Christian Brauner <brauner@kernel.org> says:
This is another attempt at trying to make pidfd polling for
multi-threaded exec and premature thread-group leader exit consistent.
A quick recap of these two cases:
(1) During a multi-threaded exec by a subthread, i.e., non-thread-group
leader thread, all other threads in the thread-group including the
thread-group leader are killed and the struct pid of the
thread-group leader will be taken over by the subthread that called
exec. IOW, two tasks change their TIDs.
(2) A premature thread-group leader exit means that the thread-group
leader exited before all of the other subthreads in the thread-group
have exited.
Both cases lead to inconsistencies for pidfd polling with PIDFD_THREAD.
Any caller that holds a PIDFD_THREAD pidfd to the current thread-group
leader may or may not see an exit notification on the file descriptor
depending on when poll is performed. If the poll is performed before the
exec of the subthread has concluded an exit notification is generated
for the old thread-group leader. If the poll is performed after the exec
of the subthread has concluded no exit notification is generated for the
old thread-group leader.
The correct behavior would be to simply not generate an exit
notification on the struct pid of a subhthread exec because the struct
pid is taken over by the subthread and thus remains alive.

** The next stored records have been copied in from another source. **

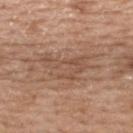No biopsy was performed on this lesion — it was imaged during a full skin examination and was not determined to be concerning.
A female patient about 60 years old.
On the upper back.
Cropped from a whole-body photographic skin survey; the tile spans about 15 mm.
The total-body-photography lesion software estimated an average lesion color of about L≈52 a*≈19 b*≈29 (CIELAB), about 8 CIELAB-L* units darker than the surrounding skin, and a lesion-to-skin contrast of about 5.5 (normalized; higher = more distinct). And it measured a classifier nevus-likeness of about 0/100 and a lesion-detection confidence of about 55/100.
The tile uses white-light illumination.
The recorded lesion diameter is about 6.5 mm.
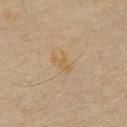Imaged during a routine full-body skin examination; the lesion was not biopsied and no histopathology is available.
A 15 mm crop from a total-body photograph taken for skin-cancer surveillance.
The lesion is on the chest.
A male subject in their mid- to late 60s.
Automated tile analysis of the lesion measured internal color variation of about 1 on a 0–10 scale and peripheral color asymmetry of about 0.5.
Captured under cross-polarized illumination.
Approximately 2.5 mm at its widest.
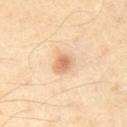Captured during whole-body skin photography for melanoma surveillance; the lesion was not biopsied.
Automated tile analysis of the lesion measured an eccentricity of roughly 0.6 and a shape-asymmetry score of about 0.15 (0 = symmetric). The analysis additionally found a mean CIELAB color near L≈68 a*≈21 b*≈36, roughly 12 lightness units darker than nearby skin, and a normalized border contrast of about 7. The analysis additionally found a lesion-detection confidence of about 100/100.
A male subject aged approximately 50.
A 15 mm close-up extracted from a 3D total-body photography capture.
The tile uses cross-polarized illumination.
The lesion is located on the chest.
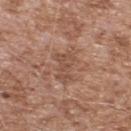Captured during whole-body skin photography for melanoma surveillance; the lesion was not biopsied. Automated image analysis of the tile measured a detector confidence of about 100 out of 100 that the crop contains a lesion. Approximately 4.5 mm at its widest. Located on the upper back. A male subject, aged around 55. A 15 mm crop from a total-body photograph taken for skin-cancer surveillance. Imaged with white-light lighting.
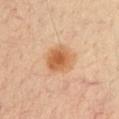This lesion was catalogued during total-body skin photography and was not selected for biopsy. The lesion is located on the right upper arm. A male patient roughly 35 years of age. About 3.5 mm across. Automated image analysis of the tile measured a footprint of about 9.5 mm² and a shape-asymmetry score of about 0.2 (0 = symmetric). It also reported an average lesion color of about L≈55 a*≈21 b*≈36 (CIELAB) and a lesion–skin lightness drop of about 11. A 15 mm close-up extracted from a 3D total-body photography capture. Captured under cross-polarized illumination.
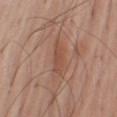Case summary:
* patient — male, aged around 70
* image — ~15 mm crop, total-body skin-cancer survey
* anatomic site — the right upper arm
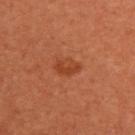| feature | finding |
|---|---|
| biopsy status | no biopsy performed (imaged during a skin exam) |
| TBP lesion metrics | an eccentricity of roughly 0.8 and a symmetry-axis asymmetry near 0.25; a classifier nevus-likeness of about 85/100 and a detector confidence of about 100 out of 100 that the crop contains a lesion |
| image | ~15 mm tile from a whole-body skin photo |
| patient | female, aged approximately 50 |
| lighting | cross-polarized illumination |
| size | ~3 mm (longest diameter) |
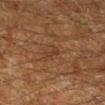{"biopsy_status": "not biopsied; imaged during a skin examination", "site": "right lower leg", "image": {"source": "total-body photography crop", "field_of_view_mm": 15}, "lesion_size": {"long_diameter_mm_approx": 2.5}, "patient": {"sex": "male", "age_approx": 60}}
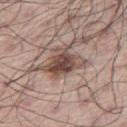Q: Is there a histopathology result?
A: imaged on a skin check; not biopsied
Q: What are the patient's age and sex?
A: male, aged 68 to 72
Q: What is the imaging modality?
A: ~15 mm tile from a whole-body skin photo
Q: Automated lesion metrics?
A: an area of roughly 10 mm², an outline eccentricity of about 0.85 (0 = round, 1 = elongated), and a symmetry-axis asymmetry near 0.35; an average lesion color of about L≈47 a*≈17 b*≈23 (CIELAB) and a normalized lesion–skin contrast near 10; a border-irregularity index near 4/10 and a within-lesion color-variation index near 6.5/10; a nevus-likeness score of about 95/100
Q: Where on the body is the lesion?
A: the left leg
Q: How was the tile lit?
A: white-light illumination
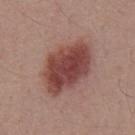Impression: Imaged during a routine full-body skin examination; the lesion was not biopsied and no histopathology is available. Acquisition and patient details: On the mid back. Approximately 7 mm at its widest. A male patient, roughly 55 years of age. Cropped from a total-body skin-imaging series; the visible field is about 15 mm. This is a white-light tile.
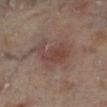Q: Is there a histopathology result?
A: no biopsy performed (imaged during a skin exam)
Q: How was this image acquired?
A: ~15 mm crop, total-body skin-cancer survey
Q: What is the anatomic site?
A: the right lower leg
Q: How was the tile lit?
A: cross-polarized
Q: Patient demographics?
A: male, aged 63–67
Q: Lesion size?
A: ≈5 mm
Q: What did automated image analysis measure?
A: an outline eccentricity of about 0.7 (0 = round, 1 = elongated) and a shape-asymmetry score of about 0.45 (0 = symmetric); internal color variation of about 3.5 on a 0–10 scale and radial color variation of about 1; a nevus-likeness score of about 75/100 and a lesion-detection confidence of about 100/100

But this is difficult to handle because a thread-group may exit
premature as mentioned in (2). In that case an exit notification is
reliably generated but the subthreads may continue to run for an
indeterminate amount of time and thus also may exec at some point.
This tiny series tries to address this problem. If that works correctly
then no exit notifications are generated for a PIDFD_THREAD pidfd for a
thread-group leader until all subthreads have been reaped. If a
subthread should exec before no exit notification will be generated
until that task exits or it creates subthreads and repeates the cycle.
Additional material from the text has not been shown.